START Exercise data
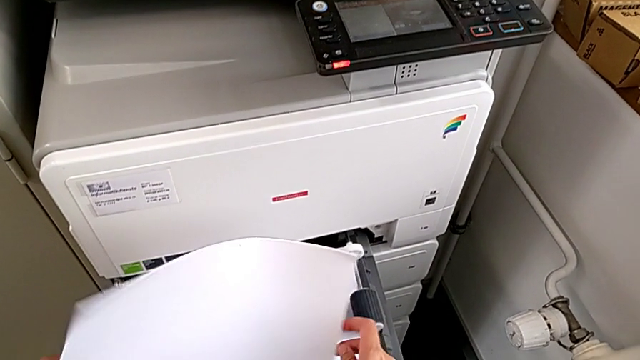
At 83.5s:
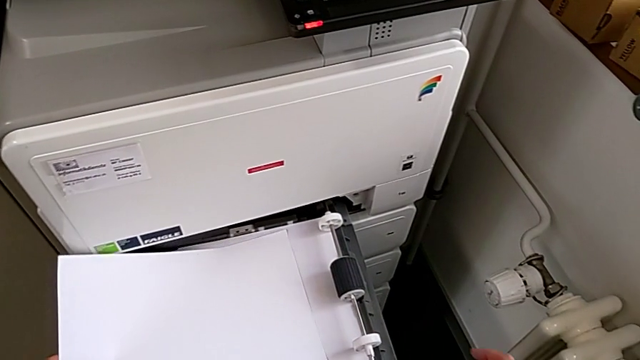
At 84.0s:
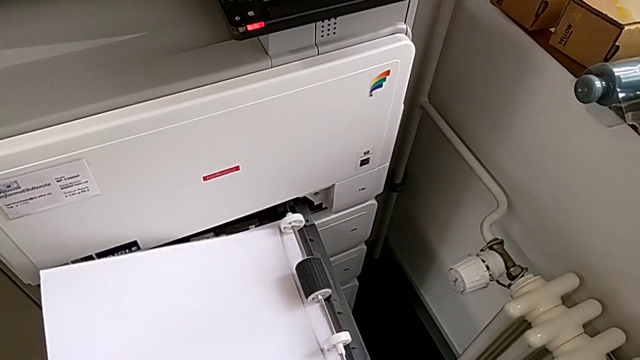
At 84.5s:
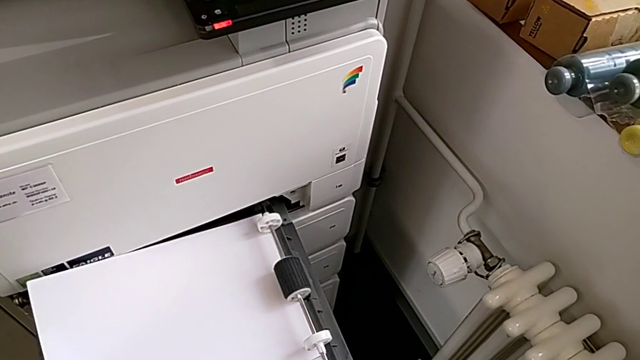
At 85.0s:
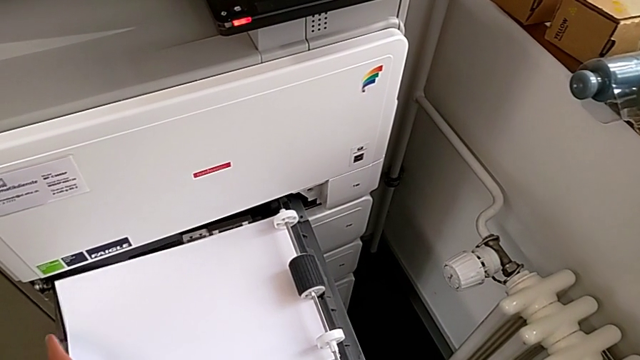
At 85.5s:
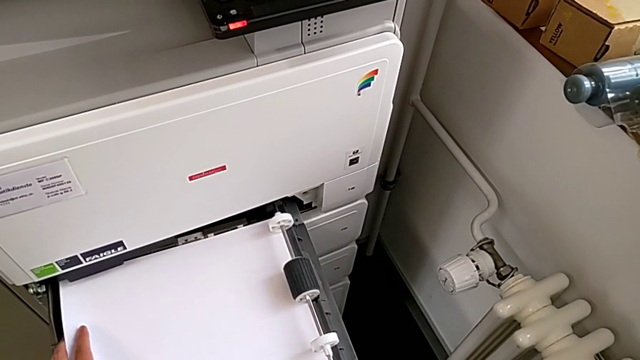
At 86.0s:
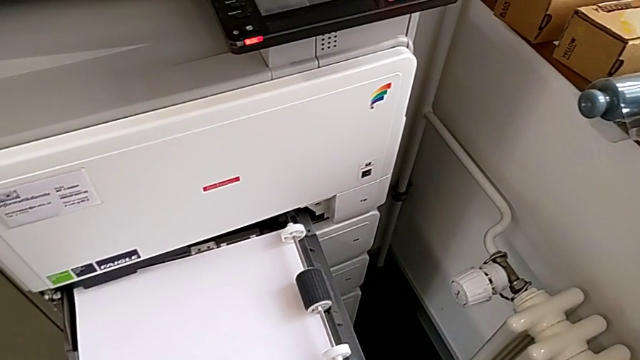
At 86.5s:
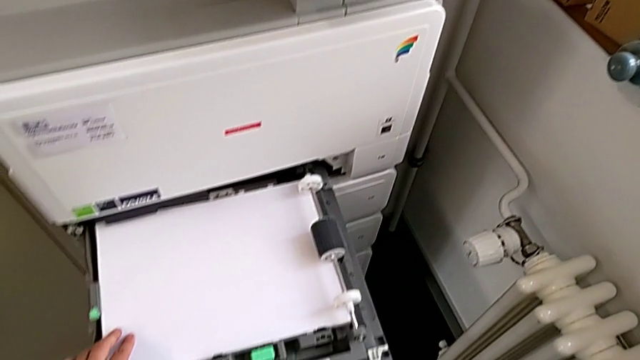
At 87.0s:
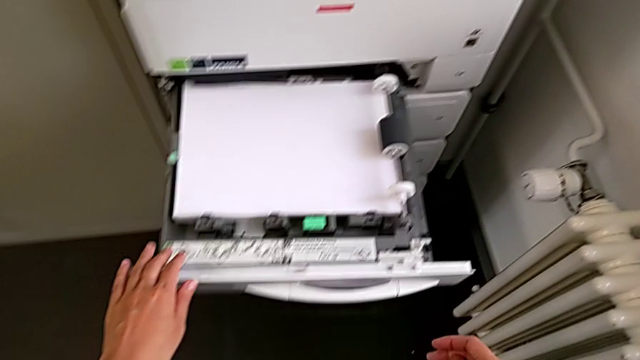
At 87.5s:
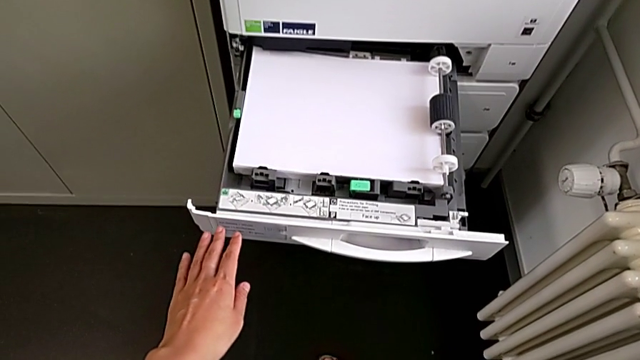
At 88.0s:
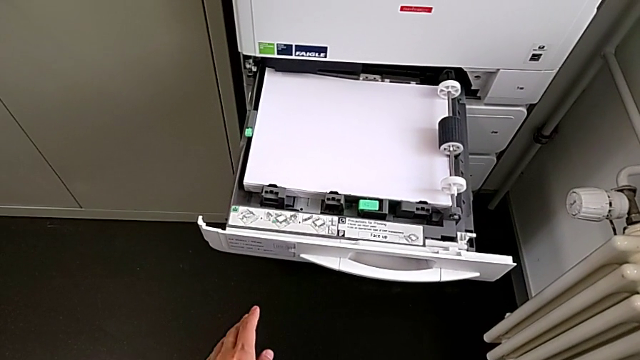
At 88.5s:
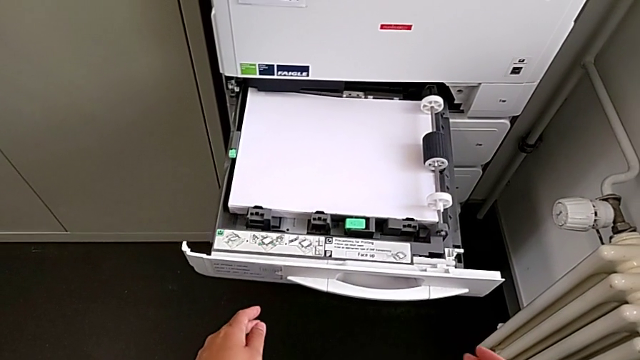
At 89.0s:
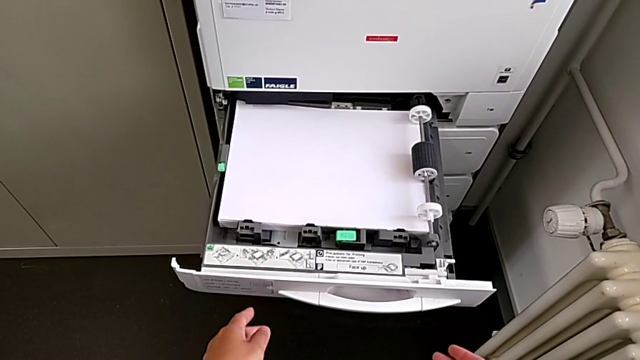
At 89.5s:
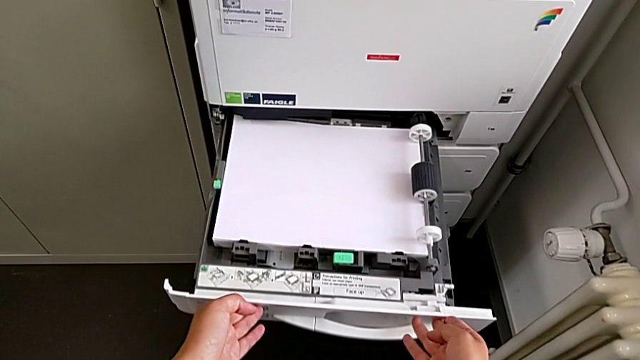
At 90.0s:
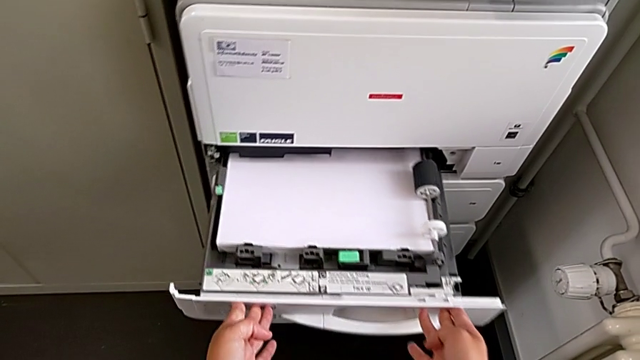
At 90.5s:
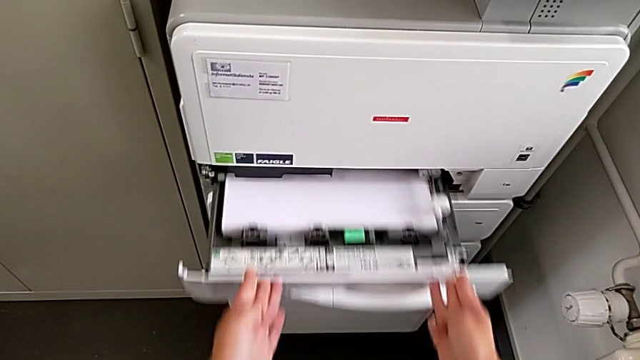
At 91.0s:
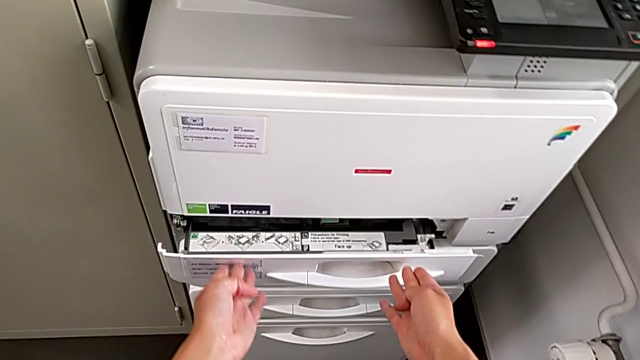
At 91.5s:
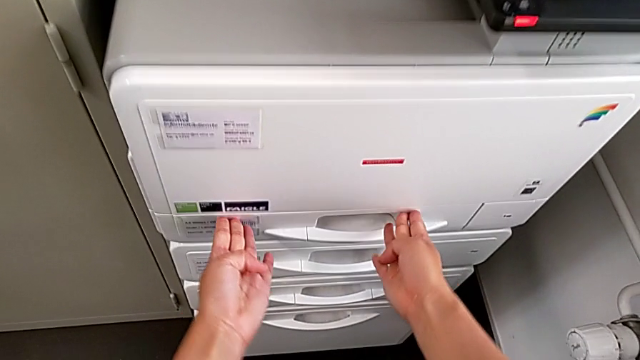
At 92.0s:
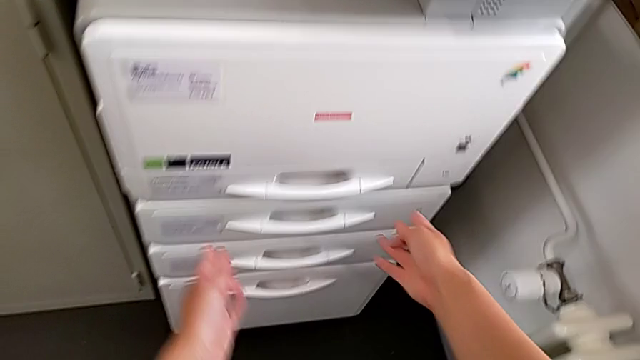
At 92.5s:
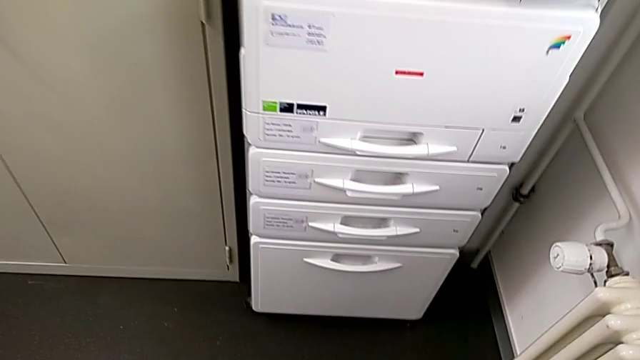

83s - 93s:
The camera wearer is loading the paper stack into the paper tray. They insert the paper stack and close the paper tray.

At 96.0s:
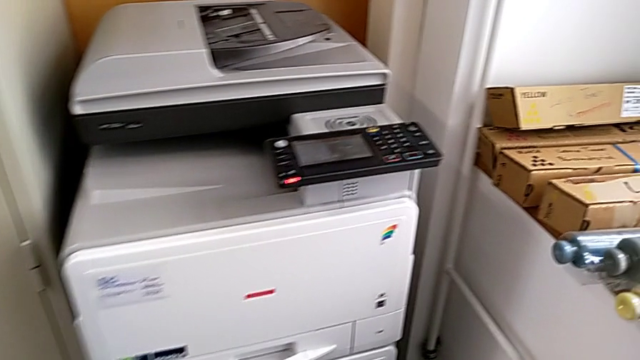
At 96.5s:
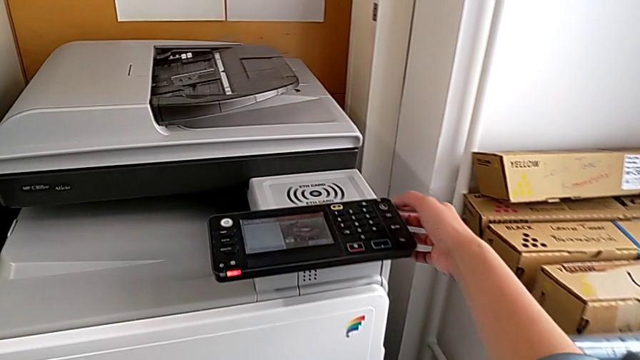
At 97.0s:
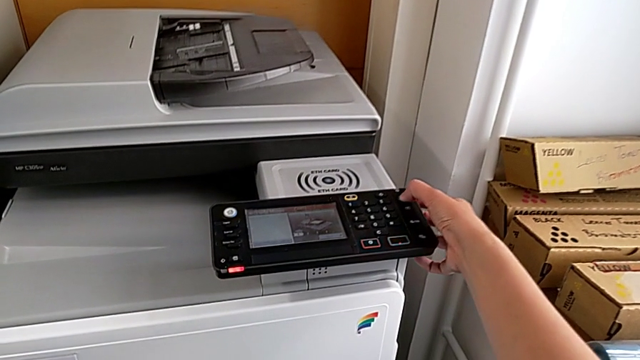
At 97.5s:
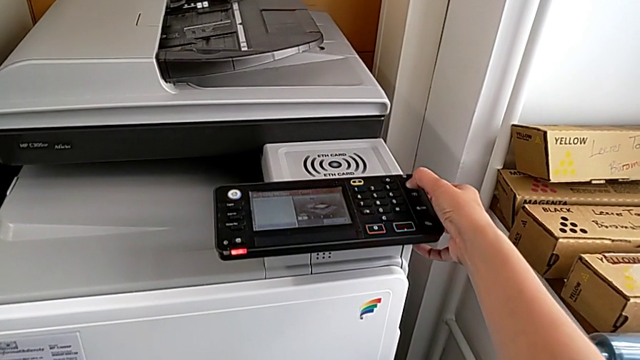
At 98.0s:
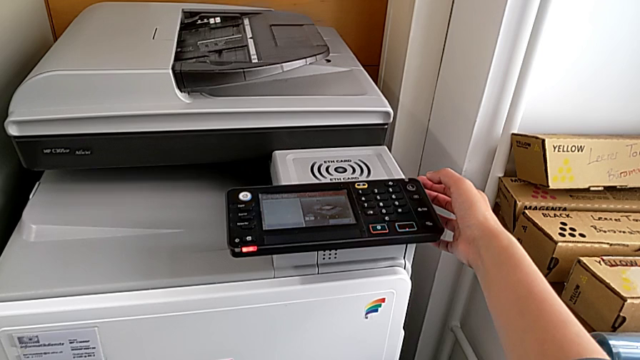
END Exercise data
**Prompt**.
The material above should be returned exactly, without pictures.

**Task answer**.
At 83.5s:
At 84.0s:
At 84.5s:
At 85.0s:
At 85.5s:
At 86.0s:
At 86.5s:
At 87.0s:
At 87.5s:
At 88.0s:
At 88.5s:
At 89.0s:
At 89.5s:
At 90.0s:
At 90.5s:
At 91.0s:
At 91.5s:
At 92.0s:
At 92.5s:

83s - 93s:
The camera wearer is loading the paper stack into the paper tray. They insert the paper stack and close the paper tray.

At 96.0s:
At 96.5s:
At 97.0s:
At 97.5s:
At 98.0s:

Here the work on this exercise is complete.